WHAT TO PRODUCE: Each line of the material should be output exactly as shown.
☆ ☆ ☆ ☆ ☆ ☆ ☆
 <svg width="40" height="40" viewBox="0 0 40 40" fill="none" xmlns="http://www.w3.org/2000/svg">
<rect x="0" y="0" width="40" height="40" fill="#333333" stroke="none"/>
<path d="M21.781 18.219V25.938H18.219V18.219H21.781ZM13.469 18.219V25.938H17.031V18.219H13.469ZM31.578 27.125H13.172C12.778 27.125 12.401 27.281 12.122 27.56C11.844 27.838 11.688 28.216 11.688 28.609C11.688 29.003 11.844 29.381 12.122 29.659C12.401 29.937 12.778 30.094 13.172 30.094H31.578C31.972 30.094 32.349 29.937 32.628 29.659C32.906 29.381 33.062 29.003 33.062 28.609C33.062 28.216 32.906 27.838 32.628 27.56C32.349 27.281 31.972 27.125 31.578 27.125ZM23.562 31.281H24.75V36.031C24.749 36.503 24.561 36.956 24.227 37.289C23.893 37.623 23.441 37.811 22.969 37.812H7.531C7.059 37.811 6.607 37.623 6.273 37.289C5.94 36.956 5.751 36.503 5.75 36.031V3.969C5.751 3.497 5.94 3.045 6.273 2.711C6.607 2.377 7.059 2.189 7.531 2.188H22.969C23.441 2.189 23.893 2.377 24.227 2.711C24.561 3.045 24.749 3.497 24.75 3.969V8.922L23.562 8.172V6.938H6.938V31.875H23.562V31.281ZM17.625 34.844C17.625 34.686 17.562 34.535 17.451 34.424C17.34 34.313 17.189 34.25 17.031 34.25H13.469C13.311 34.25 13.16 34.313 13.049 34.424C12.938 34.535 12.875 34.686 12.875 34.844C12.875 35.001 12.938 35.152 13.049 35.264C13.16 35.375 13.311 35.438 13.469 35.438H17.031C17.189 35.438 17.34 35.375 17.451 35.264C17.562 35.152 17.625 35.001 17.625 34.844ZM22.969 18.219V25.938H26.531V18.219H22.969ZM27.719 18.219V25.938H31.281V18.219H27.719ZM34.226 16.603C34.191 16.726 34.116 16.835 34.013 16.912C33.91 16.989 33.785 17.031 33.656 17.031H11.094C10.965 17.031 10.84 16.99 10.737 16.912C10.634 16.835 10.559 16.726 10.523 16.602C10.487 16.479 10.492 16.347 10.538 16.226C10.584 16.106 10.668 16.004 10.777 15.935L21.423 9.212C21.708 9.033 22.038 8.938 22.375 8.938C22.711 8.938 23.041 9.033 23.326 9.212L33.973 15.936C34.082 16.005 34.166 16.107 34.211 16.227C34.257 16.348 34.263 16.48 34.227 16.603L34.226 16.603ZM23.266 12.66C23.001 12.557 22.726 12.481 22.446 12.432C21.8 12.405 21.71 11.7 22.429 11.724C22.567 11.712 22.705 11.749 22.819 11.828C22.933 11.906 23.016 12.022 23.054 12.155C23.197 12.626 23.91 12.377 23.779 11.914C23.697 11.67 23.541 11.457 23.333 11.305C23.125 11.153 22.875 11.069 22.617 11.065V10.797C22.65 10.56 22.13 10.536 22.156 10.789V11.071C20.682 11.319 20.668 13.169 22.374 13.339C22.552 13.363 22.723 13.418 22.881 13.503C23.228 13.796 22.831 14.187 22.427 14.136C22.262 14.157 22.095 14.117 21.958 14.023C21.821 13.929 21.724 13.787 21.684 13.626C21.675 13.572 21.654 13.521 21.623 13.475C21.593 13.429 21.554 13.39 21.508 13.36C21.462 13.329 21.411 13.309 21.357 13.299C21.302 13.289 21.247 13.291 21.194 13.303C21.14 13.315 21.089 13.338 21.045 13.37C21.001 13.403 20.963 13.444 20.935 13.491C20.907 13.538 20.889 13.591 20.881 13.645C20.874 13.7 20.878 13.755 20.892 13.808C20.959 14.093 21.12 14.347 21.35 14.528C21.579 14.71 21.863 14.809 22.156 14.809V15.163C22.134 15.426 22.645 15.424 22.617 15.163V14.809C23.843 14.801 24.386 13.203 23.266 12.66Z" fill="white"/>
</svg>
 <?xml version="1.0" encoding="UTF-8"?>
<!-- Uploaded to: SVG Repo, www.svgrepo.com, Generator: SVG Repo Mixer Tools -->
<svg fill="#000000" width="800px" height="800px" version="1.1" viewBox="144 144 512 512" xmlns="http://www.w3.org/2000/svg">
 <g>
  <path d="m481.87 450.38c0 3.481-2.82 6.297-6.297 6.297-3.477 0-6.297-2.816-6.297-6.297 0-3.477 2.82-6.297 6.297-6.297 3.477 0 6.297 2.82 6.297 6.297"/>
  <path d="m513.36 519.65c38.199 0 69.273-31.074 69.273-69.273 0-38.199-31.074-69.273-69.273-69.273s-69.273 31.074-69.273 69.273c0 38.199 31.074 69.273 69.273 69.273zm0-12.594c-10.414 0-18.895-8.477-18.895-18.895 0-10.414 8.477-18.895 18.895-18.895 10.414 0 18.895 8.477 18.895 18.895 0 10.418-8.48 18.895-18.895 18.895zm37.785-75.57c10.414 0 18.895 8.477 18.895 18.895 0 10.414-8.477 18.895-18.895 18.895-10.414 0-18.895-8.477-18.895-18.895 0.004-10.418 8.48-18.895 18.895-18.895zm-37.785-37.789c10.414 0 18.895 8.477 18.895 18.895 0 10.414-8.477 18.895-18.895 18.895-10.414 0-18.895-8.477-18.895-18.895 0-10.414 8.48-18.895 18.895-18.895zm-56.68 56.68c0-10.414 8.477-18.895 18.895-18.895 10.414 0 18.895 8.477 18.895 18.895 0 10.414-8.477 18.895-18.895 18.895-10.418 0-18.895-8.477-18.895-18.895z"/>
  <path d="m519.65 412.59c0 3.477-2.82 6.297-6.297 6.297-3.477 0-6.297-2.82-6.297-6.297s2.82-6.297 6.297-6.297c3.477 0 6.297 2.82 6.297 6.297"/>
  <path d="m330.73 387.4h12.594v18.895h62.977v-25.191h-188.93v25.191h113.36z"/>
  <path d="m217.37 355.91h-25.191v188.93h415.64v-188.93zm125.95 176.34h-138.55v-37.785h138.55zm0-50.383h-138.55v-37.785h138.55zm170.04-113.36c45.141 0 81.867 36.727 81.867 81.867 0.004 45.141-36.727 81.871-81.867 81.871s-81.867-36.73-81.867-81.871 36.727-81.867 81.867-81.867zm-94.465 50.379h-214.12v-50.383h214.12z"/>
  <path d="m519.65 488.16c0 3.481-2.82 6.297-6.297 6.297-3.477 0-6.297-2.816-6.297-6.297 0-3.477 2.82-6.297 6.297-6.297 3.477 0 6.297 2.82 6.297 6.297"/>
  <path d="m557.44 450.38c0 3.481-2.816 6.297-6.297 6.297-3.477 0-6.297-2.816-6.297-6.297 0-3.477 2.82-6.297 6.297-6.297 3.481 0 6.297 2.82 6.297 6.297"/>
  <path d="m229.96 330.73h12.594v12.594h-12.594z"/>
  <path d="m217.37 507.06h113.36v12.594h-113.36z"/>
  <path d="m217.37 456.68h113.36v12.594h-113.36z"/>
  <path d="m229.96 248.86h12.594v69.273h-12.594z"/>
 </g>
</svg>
☆ ☆ ☆ ☆ ☆ ☆ ☆
WRITTEN SOLUTION:
 <svg width="40" height="40" viewBox="0 0 40 40" fill="none" xmlns="http://www.w3.org/2000/svg">
<rect x="0" y="0" width="40" height="40" fill="#333333" stroke="none"/>
<path d="M21.781 18.219V25.938H18.219V18.219H21.781ZM13.469 18.219V25.938H17.031V18.219H13.469ZM31.578 27.125H13.172C12.778 27.125 12.401 27.281 12.122 27.56C11.844 27.838 11.688 28.216 11.688 28.609C11.688 29.003 11.844 29.381 12.122 29.659C12.401 29.937 12.778 30.094 13.172 30.094H31.578C31.972 30.094 32.349 29.937 32.628 29.659C32.906 29.381 33.062 29.003 33.062 28.609C33.062 28.216 32.906 27.838 32.628 27.56C32.349 27.281 31.972 27.125 31.578 27.125ZM23.562 31.281H24.75V36.031C24.749 36.503 24.561 36.956 24.227 37.289C23.893 37.623 23.441 37.811 22.969 37.812H7.531C7.059 37.811 6.607 37.623 6.273 37.289C5.94 36.956 5.751 36.503 5.75 36.031V3.969C5.751 3.497 5.94 3.045 6.273 2.711C6.607 2.377 7.059 2.189 7.531 2.188H22.969C23.441 2.189 23.893 2.377 24.227 2.711C24.561 3.045 24.749 3.497 24.75 3.969V8.922L23.562 8.172V6.938H6.938V31.875H23.562V31.281ZM17.625 34.844C17.625 34.686 17.562 34.535 17.451 34.424C17.34 34.313 17.189 34.25 17.031 34.25H13.469C13.311 34.25 13.16 34.313 13.049 34.424C12.938 34.535 12.875 34.686 12.875 34.844C12.875 35.001 12.938 35.152 13.049 35.264C13.16 35.375 13.311 35.438 13.469 35.438H17.031C17.189 35.438 17.34 35.375 17.451 35.264C17.562 35.152 17.625 35.001 17.625 34.844ZM22.969 18.219V25.938H26.531V18.219H22.969ZM27.719 18.219V25.938H31.281V18.219H27.719ZM34.226 16.603C34.191 16.726 34.116 16.835 34.013 16.912C33.91 16.989 33.785 17.031 33.656 17.031H11.094C10.965 17.031 10.84 16.99 10.737 16.912C10.634 16.835 10.559 16.726 10.523 16.602C10.487 16.479 10.492 16.347 10.538 16.226C10.584 16.106 10.668 16.004 10.777 15.935L21.423 9.212C21.708 9.033 22.038 8.938 22.375 8.938C22.711 8.938 23.041 9.033 23.326 9.212L33.973 15.936C34.082 16.005 34.166 16.107 34.211 16.227C34.257 16.348 34.263 16.48 34.227 16.603L34.226 16.603ZM23.266 12.66C23.001 12.557 22.726 12.481 22.446 12.432C21.8 12.405 21.71 11.7 22.429 11.724C22.567 11.712 22.705 11.749 22.819 11.828C22.933 11.906 23.016 12.022 23.054 12.155C23.197 12.626 23.91 12.377 23.779 11.914C23.697 11.67 23.541 11.457 23.333 11.305C23.125 11.153 22.875 11.069 22.617 11.065V10.797C22.65 10.56 22.13 10.536 22.156 10.789V11.071C20.682 11.319 20.668 13.169 22.374 13.339C22.552 13.363 22.723 13.418 22.881 13.503C23.228 13.796 22.831 14.187 22.427 14.136C22.262 14.157 22.095 14.117 21.958 14.023C21.821 13.929 21.724 13.787 21.684 13.626C21.675 13.572 21.654 13.521 21.623 13.475C21.593 13.429 21.554 13.39 21.508 13.36C21.462 13.329 21.411 13.309 21.357 13.299C21.302 13.289 21.247 13.291 21.194 13.303C21.14 13.315 21.089 13.338 21.045 13.37C21.001 13.403 20.963 13.444 20.935 13.491C20.907 13.538 20.889 13.591 20.881 13.645C20.874 13.7 20.878 13.755 20.892 13.808C20.959 14.093 21.12 14.347 21.35 14.528C21.579 14.71 21.863 14.809 22.156 14.809V15.163C22.134 15.426 22.645 15.424 22.617 15.163V14.809C23.843 14.801 24.386 13.203 23.266 12.66Z" fill="white"/>
</svg>
 <?xml version="1.0" encoding="UTF-8"?>
<!-- Uploaded to: SVG Repo, www.svgrepo.com, Generator: SVG Repo Mixer Tools -->
<svg fill="#000000" width="800px" height="800px" version="1.1" viewBox="144 144 512 512" xmlns="http://www.w3.org/2000/svg">
 <g>
  <path d="m481.87 450.38c0 3.481-2.82 6.297-6.297 6.297-3.477 0-6.297-2.816-6.297-6.297 0-3.477 2.82-6.297 6.297-6.297 3.477 0 6.297 2.82 6.297 6.297"/>
  <path d="m513.36 519.65c38.199 0 69.273-31.074 69.273-69.273 0-38.199-31.074-69.273-69.273-69.273s-69.273 31.074-69.273 69.273c0 38.199 31.074 69.273 69.273 69.273zm0-12.594c-10.414 0-18.895-8.477-18.895-18.895 0-10.414 8.477-18.895 18.895-18.895 10.414 0 18.895 8.477 18.895 18.895 0 10.418-8.48 18.895-18.895 18.895zm37.785-75.57c10.414 0 18.895 8.477 18.895 18.895 0 10.414-8.477 18.895-18.895 18.895-10.414 0-18.895-8.477-18.895-18.895 0.004-10.418 8.48-18.895 18.895-18.895zm-37.785-37.789c10.414 0 18.895 8.477 18.895 18.895 0 10.414-8.477 18.895-18.895 18.895-10.414 0-18.895-8.477-18.895-18.895 0-10.414 8.48-18.895 18.895-18.895zm-56.68 56.68c0-10.414 8.477-18.895 18.895-18.895 10.414 0 18.895 8.477 18.895 18.895 0 10.414-8.477 18.895-18.895 18.895-10.418 0-18.895-8.477-18.895-18.895z"/>
  <path d="m519.65 412.59c0 3.477-2.82 6.297-6.297 6.297-3.477 0-6.297-2.82-6.297-6.297s2.82-6.297 6.297-6.297c3.477 0 6.297 2.82 6.297 6.297"/>
  <path d="m330.73 387.4h12.594v18.895h62.977v-25.191h-188.93v25.191h113.36z"/>
  <path d="m217.37 355.91h-25.191v188.93h415.64v-188.93zm125.95 176.34h-138.55v-37.785h138.55zm0-50.383h-138.55v-37.785h138.55zm170.04-113.36c45.141 0 81.867 36.727 81.867 81.867 0.004 45.141-36.727 81.871-81.867 81.871s-81.867-36.73-81.867-81.871 36.727-81.867 81.867-81.867zm-94.465 50.379h-214.12v-50.383h214.12z"/>
  <path d="m519.65 488.16c0 3.481-2.82 6.297-6.297 6.297-3.477 0-6.297-2.816-6.297-6.297 0-3.477 2.82-6.297 6.297-6.297 3.477 0 6.297 2.82 6.297 6.297"/>
  <path d="m557.44 450.38c0 3.481-2.816 6.297-6.297 6.297-3.477 0-6.297-2.816-6.297-6.297 0-3.477 2.82-6.297 6.297-6.297 3.481 0 6.297 2.82 6.297 6.297"/>
  <path d="m229.96 330.73h12.594v12.594h-12.594z"/>
  <path d="m217.37 507.06h113.36v12.594h-113.36z"/>
  <path d="m217.37 456.68h113.36v12.594h-113.36z"/>
  <path d="m229.96 248.86h12.594v69.273h-12.594z"/>
 </g>
</svg>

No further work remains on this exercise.